Audiovisual multisensory integration in young adults with and without attention-deficit/hyperactivity disorder

Abstract

The present research quantified multisensory integration (MSI) in young adults with and without attention-deficit/hyperactivity disorder (ADHD). MSI is a form of sensory processing where the nervous system integrates stimuli occurring together in time and/or space (Paraskevopoulos & Herholz, 2013). Multiple brain regions involved in MSI have also been reported to be altered in individuals with ADHD (Proal et al., 2011), which poses the question whether those with ADHD experience altered MSI. Participants completed a two-alternative forced-choice discrimination task while whole-head 64-electrode electroencephalography (EEG) was recorded (10 ADHD; 12 Neurotypicals). Stimulus presentation conditions were auditory-alone (~300 ms duration; verbalization adjusted to comfortable volume per participant), visual-alone (250 ms duration; red, blue, or green-filled circle on black background), or a semantically congruent audiovisual. stimulus.
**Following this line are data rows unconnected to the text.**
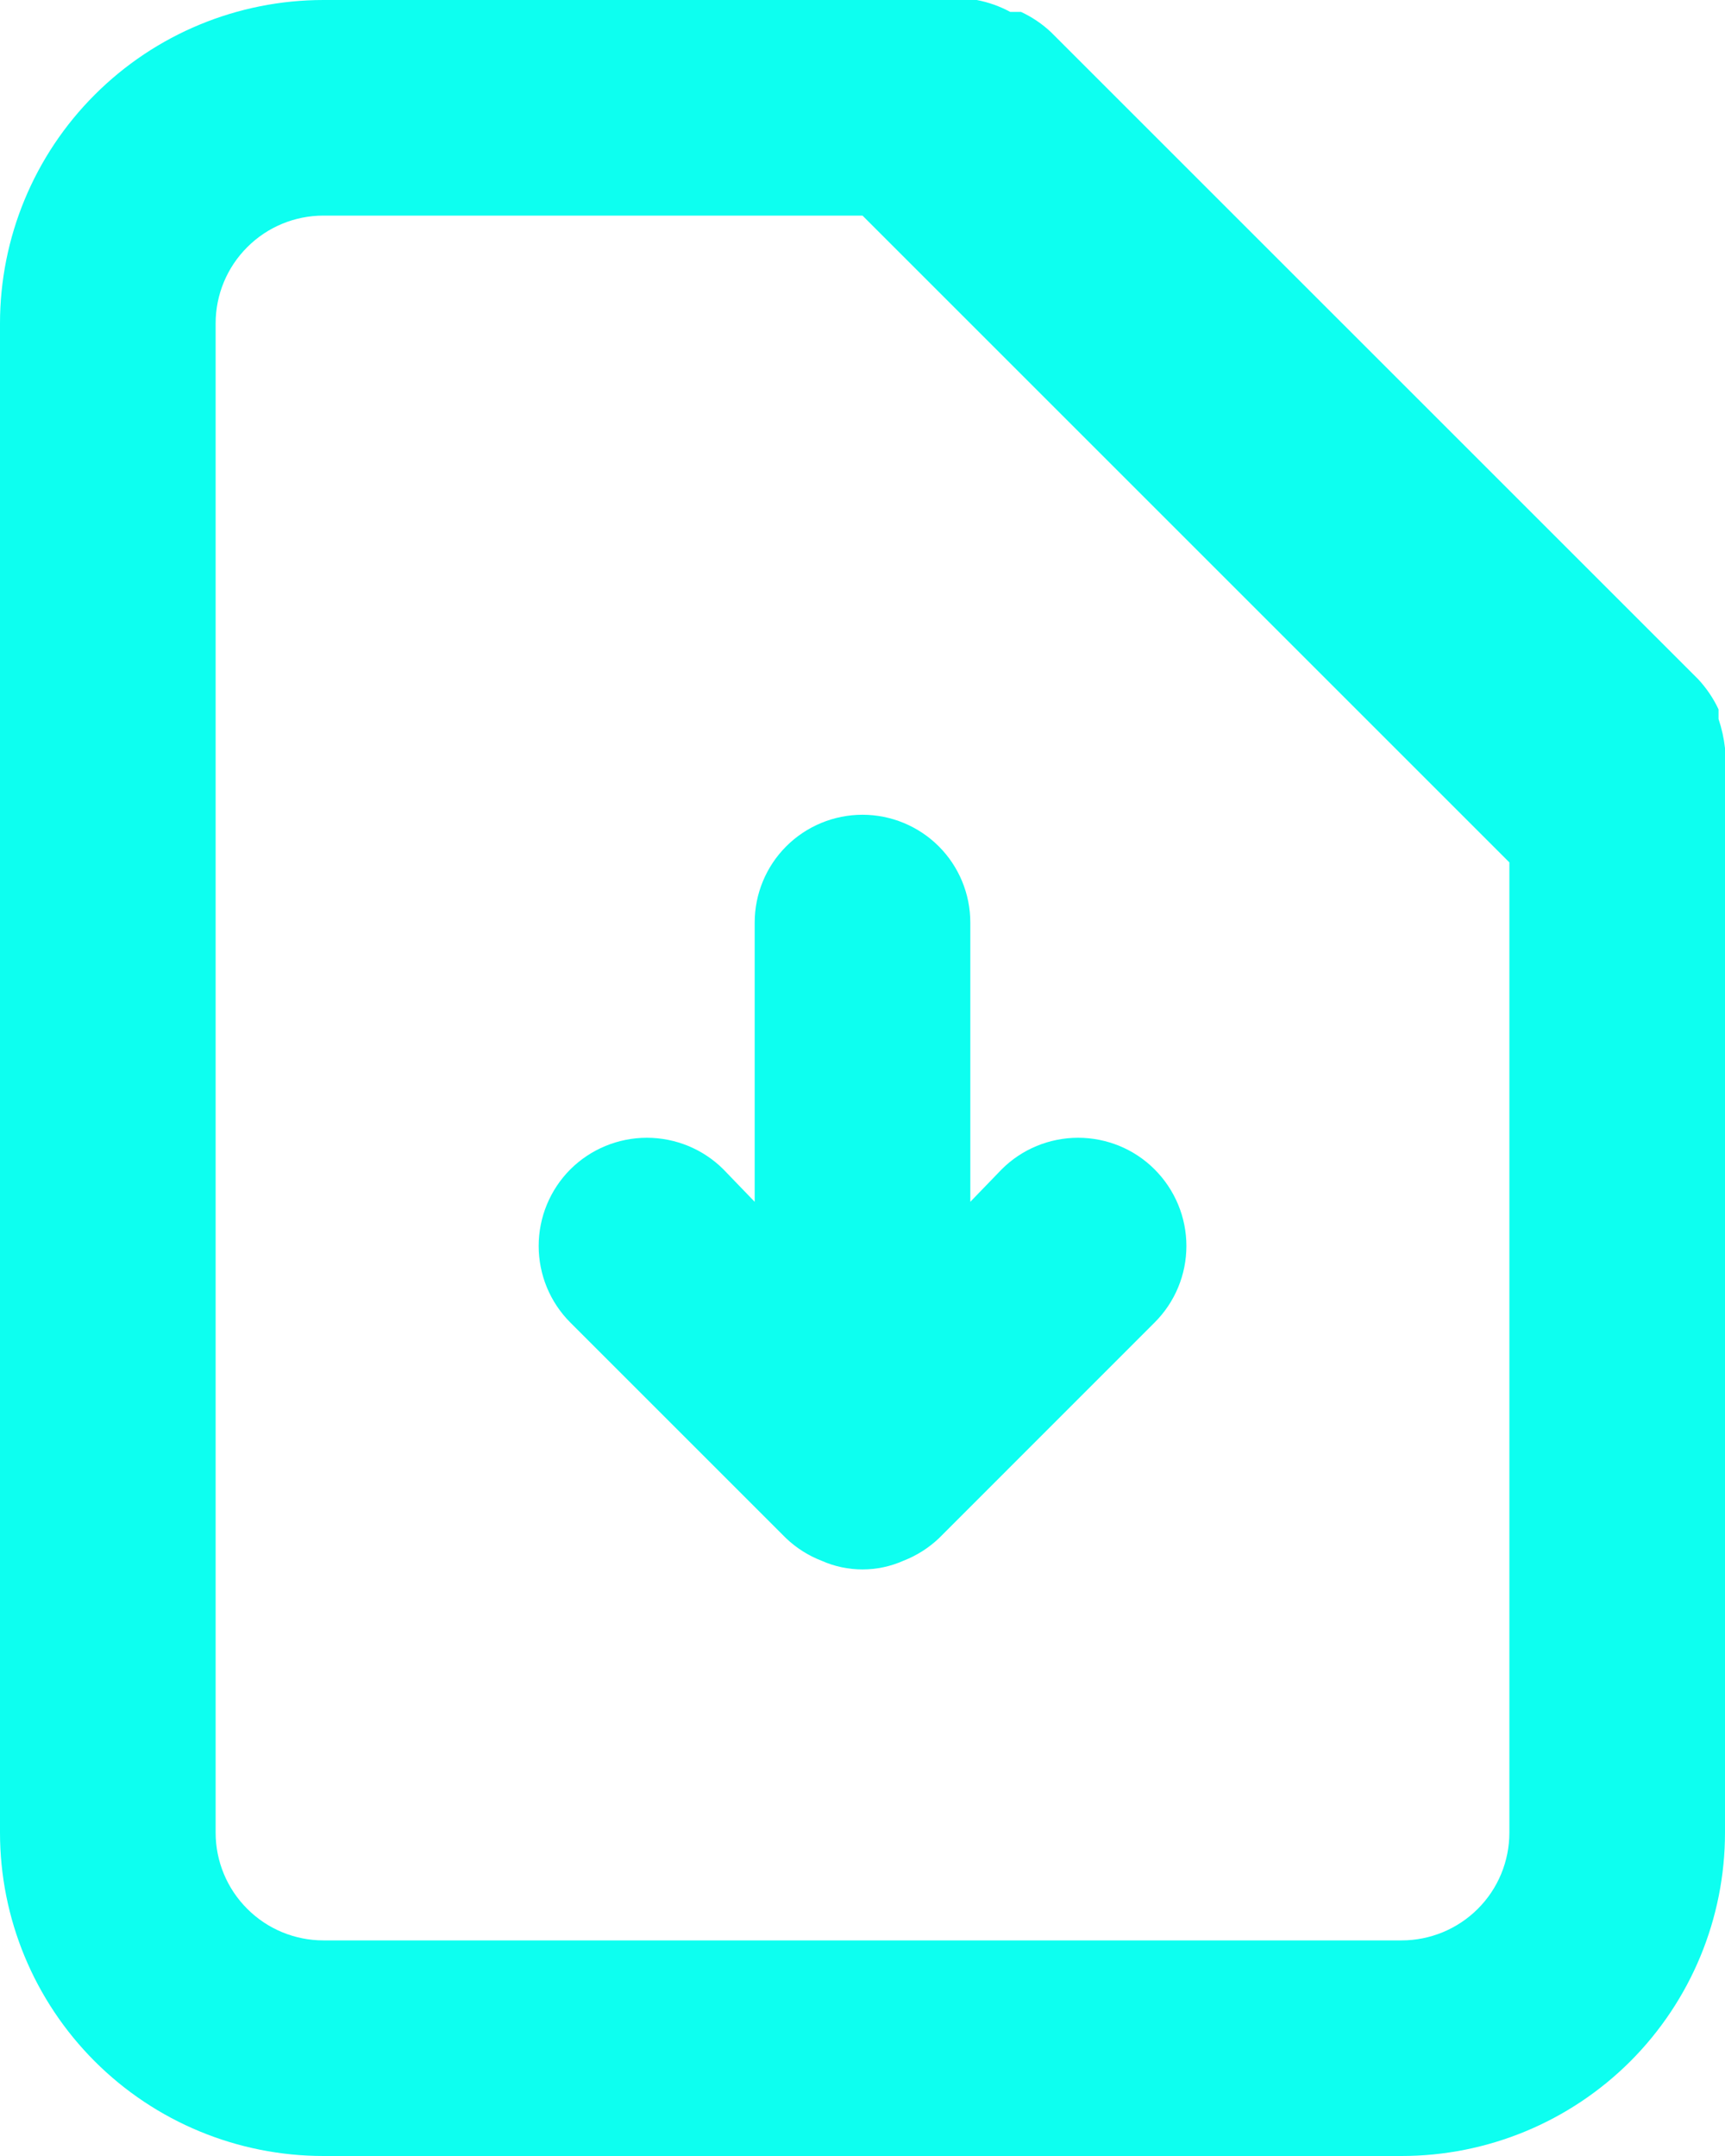 <svg width="22.192" height="27.74" viewBox="0 0 22.192 27.74" fill="none" xmlns="http://www.w3.org/2000/svg" xmlns:xlink="http://www.w3.org/1999/xlink">
	<desc>
			Created with Pixso.
	</desc>
	<defs/>
	<path id="Subtract" d="M22.192 9.626C22.178 9.499 22.15 9.373 22.109 9.251L22.109 9.127C22.042 8.984 21.953 8.853 21.846 8.738L13.523 0.416C13.409 0.308 13.277 0.219 13.135 0.153L12.996 0.153C12.861 0.08 12.717 0.029 12.566 0L4.161 0C3.058 0 1.999 0.438 1.219 1.219C0.438 1.999 0 3.058 0 4.161L0 23.579C0 24.683 0.438 25.741 1.219 26.522C1.999 27.302 3.058 27.74 4.161 27.74L18.031 27.74C19.135 27.74 20.193 27.302 20.974 26.522C21.754 25.741 22.192 24.683 22.192 23.579L22.192 9.626ZM19.418 23.579C19.418 23.947 19.273 24.3 19.012 24.56C18.752 24.82 18.399 24.966 18.031 24.966L4.161 24.966C3.793 24.966 3.44 24.82 3.181 24.56C2.92 24.3 2.774 23.947 2.774 23.579L2.774 4.161C2.774 3.793 2.92 3.44 3.181 3.18C3.44 2.92 3.793 2.774 4.161 2.774L11.096 2.774L19.418 11.096L19.418 23.579ZM12.886 15.046L12.483 15.463L12.483 11.87C12.483 11.502 12.337 11.149 12.077 10.889C11.816 10.629 11.464 10.483 11.096 10.483C10.729 10.483 10.375 10.629 10.115 10.889C9.855 11.149 9.709 11.502 9.709 11.87L9.709 15.463L9.307 15.046C9.046 14.785 8.691 14.639 8.322 14.639C7.953 14.639 7.599 14.785 7.337 15.046C7.076 15.308 6.93 15.662 6.93 16.031C6.93 16.401 7.076 16.755 7.337 17.016L10.111 19.79C10.243 19.916 10.398 20.015 10.569 20.081C10.735 20.155 10.915 20.193 11.096 20.193C11.277 20.193 11.457 20.155 11.623 20.081C11.793 20.015 11.949 19.916 12.081 19.79L14.854 17.016C15.116 16.755 15.263 16.401 15.263 16.031C15.263 15.662 15.116 15.308 14.854 15.046C14.594 14.785 14.239 14.639 13.87 14.639C13.501 14.639 13.146 14.785 12.886 15.046Z" fill="#0DFFF0" fill-opacity="1" fill-rule="evenodd"/>
</svg>
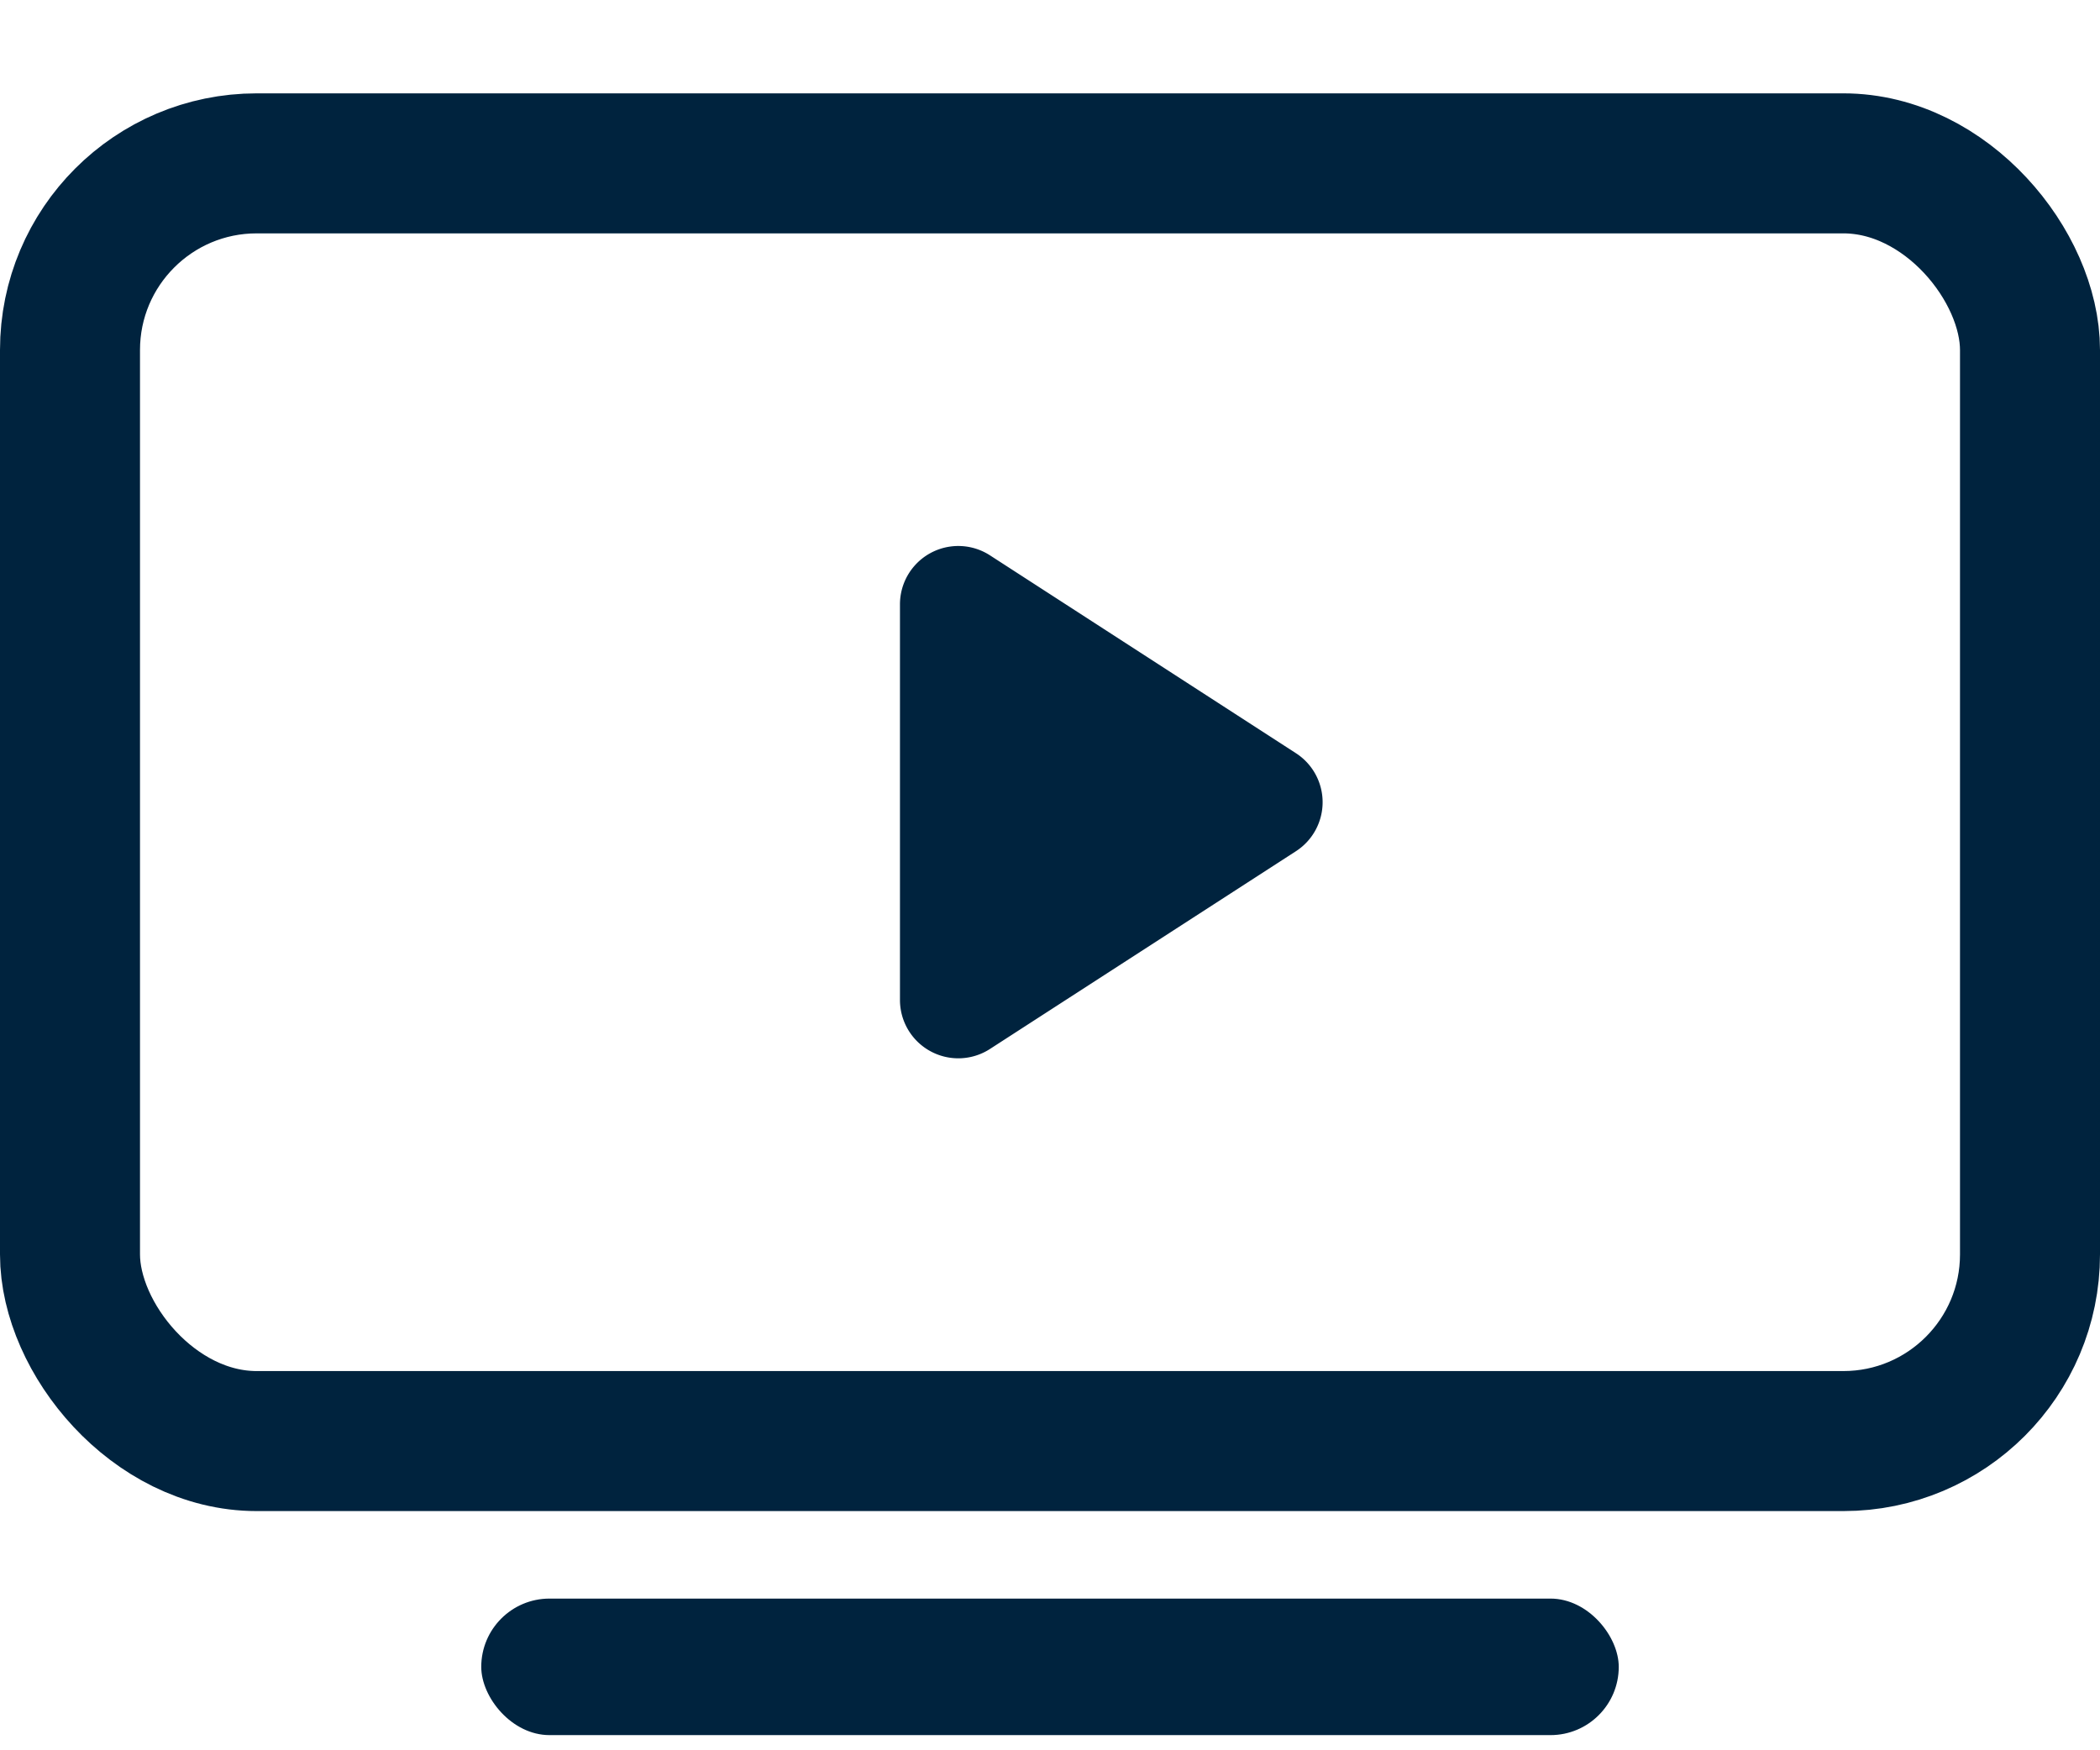 <svg width="18" height="15" fill="none" xmlns="http://www.w3.org/2000/svg"><rect x=".6" y="1.4" width="16.8" height="10.95" rx="1.6" stroke="#00233E" stroke-width="1.2"/><rect x="4.125" y="13.7" width="9.75" height="1.17" rx=".585" fill="#00233E"/><path d="M11.108 6.455 8.485 4.759a.5.5 0 0 0-.771.42V8.57a.5.5 0 0 0 .771.42l2.623-1.695a.5.5 0 0 0 0-.84Z" fill="#00233E"/></svg>

The Principle of Superposition of Electrical Fields was used to assess MSI via EEG (Brandwein et al., 2011). The ADHD group demonstrated significantly shorter response times to each stimulus type (P = 0.048) and both groups responded most accurately to the auditory-alone stimulus compared to the visual-alone stimulus (P < 0.001). EEG analysis showed MSI occurring in both groups (P = 0.046) from 110-130 ms post stimulus over parietal occipital brain regions. However, the ADHD group showed greater MSI at this latency and brain region (P = 0.033). This is the first work to suggest that young adults with ADHD process audiovisual multisensory information differently during a complex RT task than neurotypical controls, and this may be related to the various altered neurological structures shown in previous research.